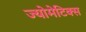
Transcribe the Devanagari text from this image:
ज्योमेटिक्स
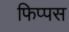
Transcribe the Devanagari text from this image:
फिप्पस
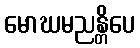
မောဃမညန္တိပေ
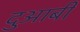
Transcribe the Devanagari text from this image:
दुआबी
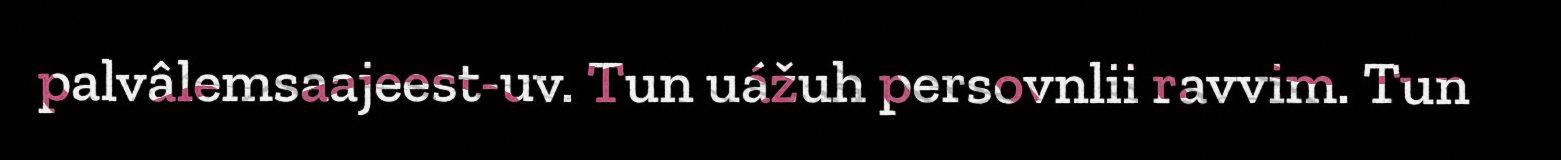
palvâlemsaajeest-uv. Tun uážuh persovnlii ravvim. Tun
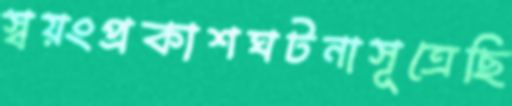
স্বয়ংপ্রকাশঘটনাসূত্রেছি
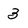
Character: 3
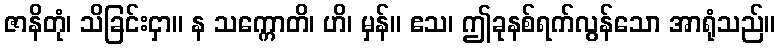
ဇာနိတုံ၊ သိခြင်းငှာ။ န သက္ကောတိ၊ ဟိ၊ မှန်။ ဧသ၊ ဤခုနစ်ရက်လွန်သော အာရုံသည်။
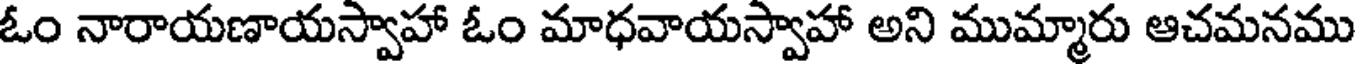
ఓం నారాయణాయస్వాహా ఓం మాధవాయస్వాహా అని ముమ్మారు ఆచమనము
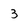
Character: 3
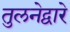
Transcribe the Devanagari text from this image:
तुलनेद्वारे
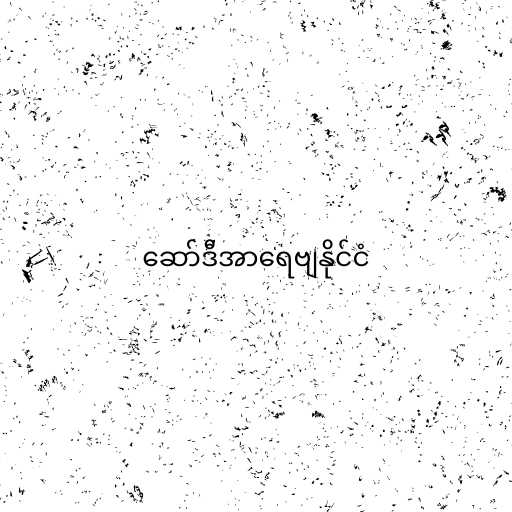
ဆော်ဒီအာရေဗျနိုင်ငံ
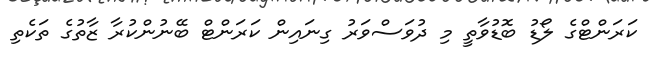
ކަރަންޓްގެ ލޯޑު ބޮޑުވާތީ މި ދުވަސްވަރު ގިނައިން ކަރަންޓް ބޭނުންކުރާ ޒާތުގެ ތަކެތި
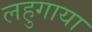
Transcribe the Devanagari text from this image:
लहुगाया
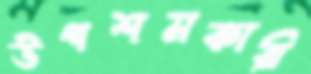
উপশমকারী
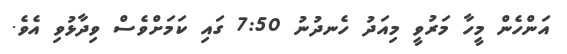
އަންހެން މީހާ މަރުވީ މިއަދު ހެނދުނު 7:50 ގައި ކަމަށްވެސް ވިދާޅުވި އެވެ.
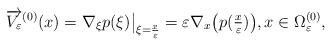
LaTeX: \begin{align*} \overrightarrow{V_\varepsilon}^{(0)}(x) = \nabla_{\xi} p(\xi)\big|_{\xi = \frac{x}{\varepsilon}} = \varepsilon \nabla_x \big( p(\tfrac{x}{\varepsilon}) \big), x\in \Omega^{(0)}_\varepsilon,\end{align*}
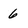
Character: 6
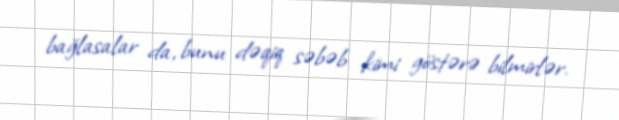
bağlasalar da, bunu dəqiq səbəb kimi göstərə bilmirlər.

::::::::::

### What the task asks
Retype the data above exactly. Do not carry over any images.

### Response below
Transcribe the Devanagari text from this image:
ज्योमेटिक्स
Transcribe the Devanagari text from this image:
फिप्पस
မောဃမညန္တိပေ
Transcribe the Devanagari text from this image:
दुआबी
palvâlemsaajeest-uv. Tun uážuh persovnlii ravvim. Tun
স্বয়ংপ্রকাশঘটনাসূত্রেছি
Character: 3
ဇာနိတုံ၊ သိခြင်းငှာ။ န သက္ကောတိ၊ ဟိ၊ မှန်။ ဧသ၊ ဤခုနစ်ရက်လွန်သော အာရုံသည်။
ఓం నారాయణాయస్వాహా ఓం మాధవాయస్వాహా అని ముమ్మారు ఆచమనము
Character: 3
Transcribe the Devanagari text from this image:
तुलनेद्वारे
ဆော်ဒီအာရေဗျနိုင်ငံ
ކަރަންޓްގެ ލޯޑު ބޮޑުވާތީ މި ދުވަސްވަރު ގިނައިން ކަރަންޓް ބޭނުންކުރާ ޒާތުގެ ތަކެތި
Transcribe the Devanagari text from this image:
लहुगाया
উপশমকারী
އަންހެން މީހާ މަރުވީ މިއަދު ހެނދުނު 7:50 ގައި ކަމަށްވެސް ވިދާޅުވި އެވެ.
LaTeX: \begin{align*} \overrightarrow{V_\varepsilon}^{(0)}(x) = \nabla_{\xi} p(\xi)\big|_{\xi = \frac{x}{\varepsilon}} = \varepsilon \nabla_x \big( p(\tfrac{x}{\varepsilon}) \big), x\in \Omega^{(0)}_\varepsilon,\end{align*}
Character: 6
bağlasalar da, bunu dəqiq səbəb kimi göstərə bilmirlər.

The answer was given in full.